Performance summary:

Model Speaker Similarity (SS) ↑ Word Error Rate (WER) ↓
GPT-SoVITS 0.55 5.13
CosyVoice2 0.748 1.45
JoyTTS 0.73 5.09

On an NVIDIA 4090D system, typical inference latency is 1.8 seconds, making JoyTTS viable for interactive or near-real-time spoken dialog applications.

5. Open Source Codebase and Development

The full JoyTTS stack is open-source at https://github.com/jdh-algo/JoyTTS.git, containing:

  • All model code and architectural definitions
  • Training scripts for both pretraining and joint optimization
  • Inference pipelines for real-time deployment and evaluation
  • Model checkpoints compatible with the provided trainers

This availability supports reproducible research and simplifies further optimization or adaptation for new domains.

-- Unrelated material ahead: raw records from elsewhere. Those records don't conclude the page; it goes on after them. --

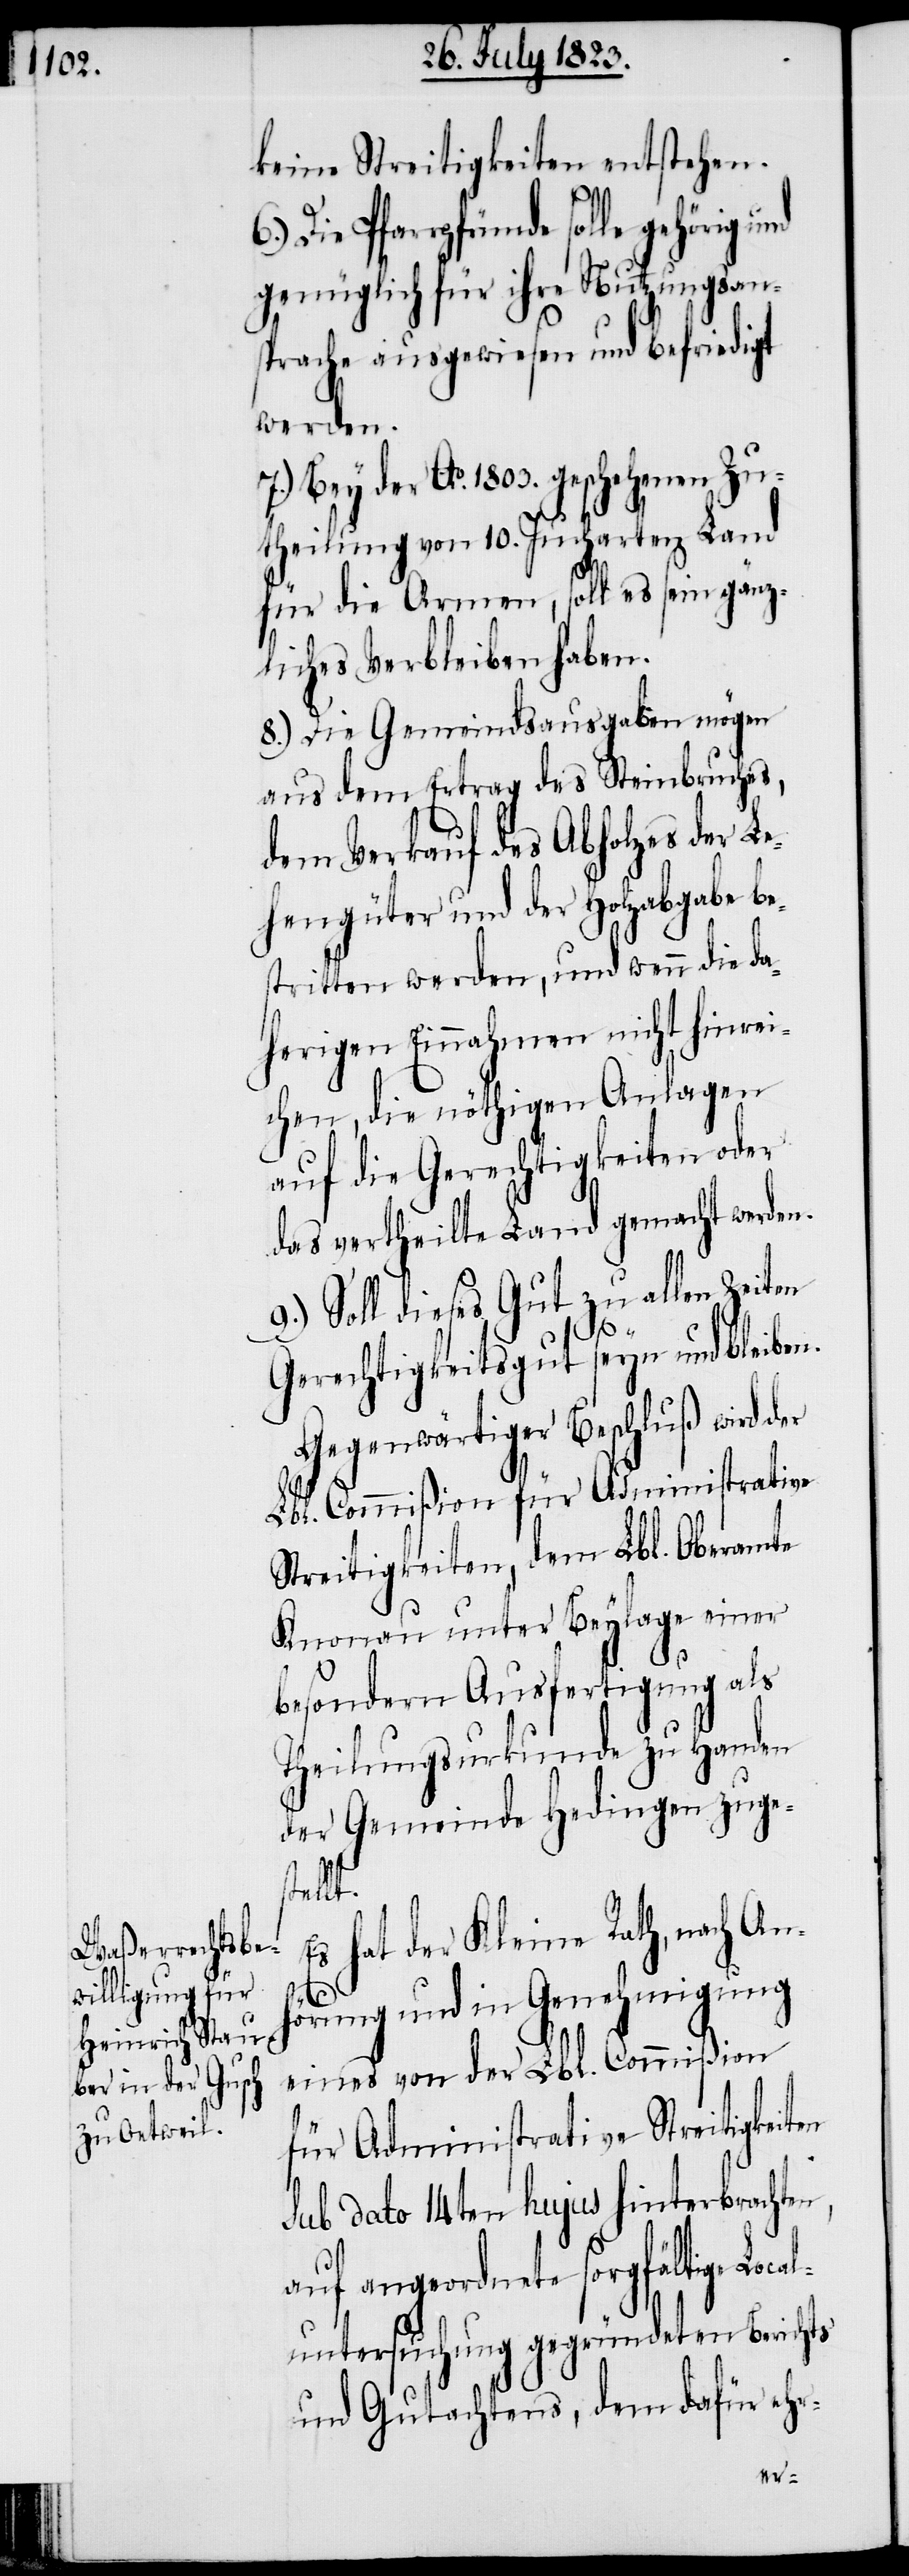
keine Streitigkeiten entstehen.
genüglich für ihre Nutzungsan¬
sprache ausgewiesen und befriedigt
werden.
Bey der Ao. 1803. geschehenen Zu¬
theilung von 10. Jucharten Land
für die Armen, soll es sein gänz¬
liches Verbleiben haben.
8.) Die Gemeindsausgaben mögen
aus dem Ertrag des Steinbruches,
dem Verkauf des Abholzes der L¬
ehengüter und der Holzabgabe be¬
stritten werden, und wenn die da¬
herigen Einnahmen nicht hinrei¬
chen, die nöthigen Anlagen
auf die Gerechtigkeiten oder
das vertheilte Land gemacht werden.
9.) Soll dieses Gut zu allen Zeiten
Gerechtigkeitsgut seyn und bleiben.
Gegenwärtiger Beschluß wird
Lbl. Commißion für Administrative
Streitigkeiten, dem Lbl. Oberamte
Knonau unter Beylage einer
besondern Ausfertigung als
Theilungsurkunde zu Handen
der Gemeinde Hedingen zuges¬
Local¬
s hat der Kleine Rath, nach An¬
hörung und in Genehmigung
eines von der Lbl. Commißion
für Administrative Streitigkeiten
sub dato 14ten hujus hinterbrachten,
auf angeordnete sorgfältige
untersuchung gegründeten Berichts
und Gutachtens, dem dafür ehr-
E¬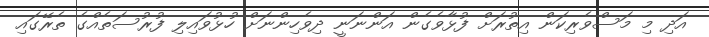
އަދި މި މަސްވެރިކަން އިތުރަށް ފުޅާވެގެން އަންނަނީ ދިވެހިންނަށް ހުޅުވައިލި ފުރުސަތެއްގެ ތެރޭގައި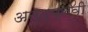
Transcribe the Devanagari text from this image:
अनुत्प्लवी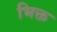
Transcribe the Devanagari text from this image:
भिक्त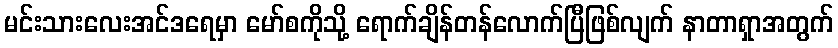
မင်းသားလေးအင်ဒရေမှာ မော်စကိုသို့ ရောက်ချိန်တန်လောက်ပြီဖြစ်လျက် နာတာရှာအတွက်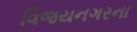
વિજયનગરના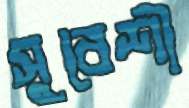
সুবেশী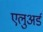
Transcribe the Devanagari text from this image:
एलुअर्ड
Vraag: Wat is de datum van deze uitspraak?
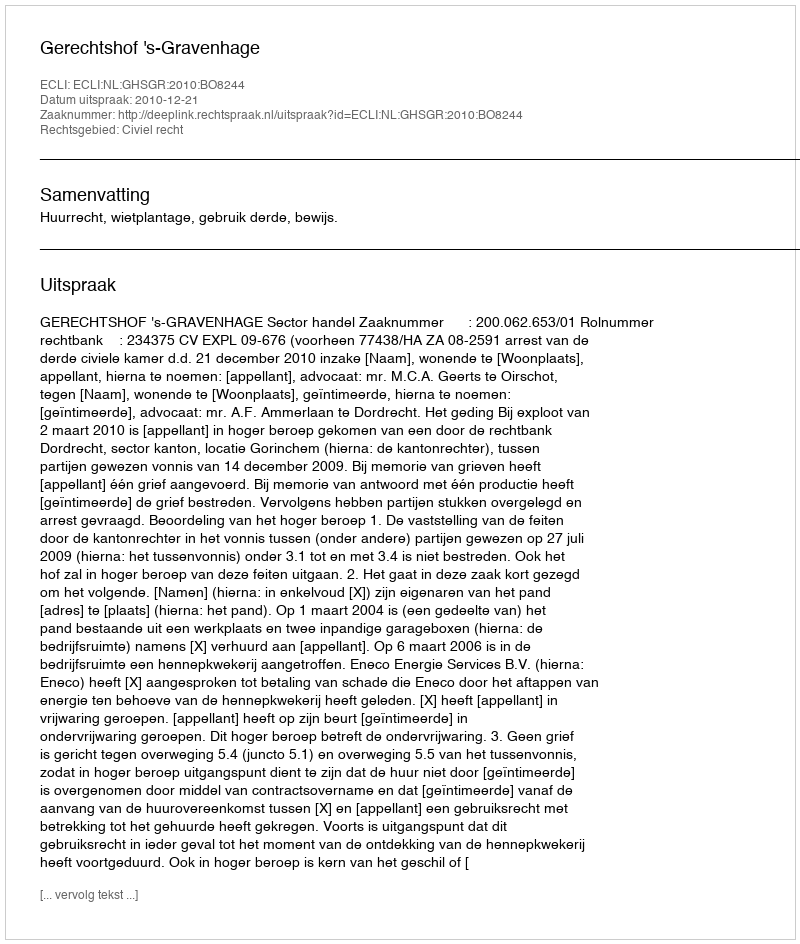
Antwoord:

The modular code structure allows for rapid experimentation in integrating alternative LLMs, modifying the TTS backbone, or extending multilingual capabilities.

6. Applications and Research Directions

JoyTTS’s architecture and fidelity enable multiple applications:

  • Conversational Voice Assistants: Personalized, speaker-adaptable agents for task completion, user support, or entertainment.
  • Accessibility Technologies: Synthetic voice generation for users with speech impairments, supporting personalized vocal identity.
  • Storytelling and Media: Creation of branded voice experiences in immersive multimedia content.
  • Human-Computer Interaction Research: Study of user engagement with LLM-powered conversational agents possessing individualized voice.
  • Emotional AI: (A plausible implication is expansion) via new modules for emotion control or contextual style modulation as LLM inputs.

Future development tracks identified include:

  • Integration of explicit emotion control variables for expressive speech synthesis
  • Latency reduction for real-time deployment at scale
  • Multi-language expansion by retraining with additional data
  • Reinforced robustness for operation in noisy or low-resource environments

7. Significance

JoyTTS demonstrates the feasibility of combining an LLM-centric approach with advanced, speaker-adaptable neural TTS, achieving both dialog coherence and high-fidelity voice cloning within a single end-to-end trainable pipeline. Its open licensing and modularity allow for benchmarking, extension, and adaptation in diverse spoken language AI research contexts. The robust performance and reproducible training recipes position JoyTTS as a foundational framework for future research and development in personalized, conversational speech synthesis.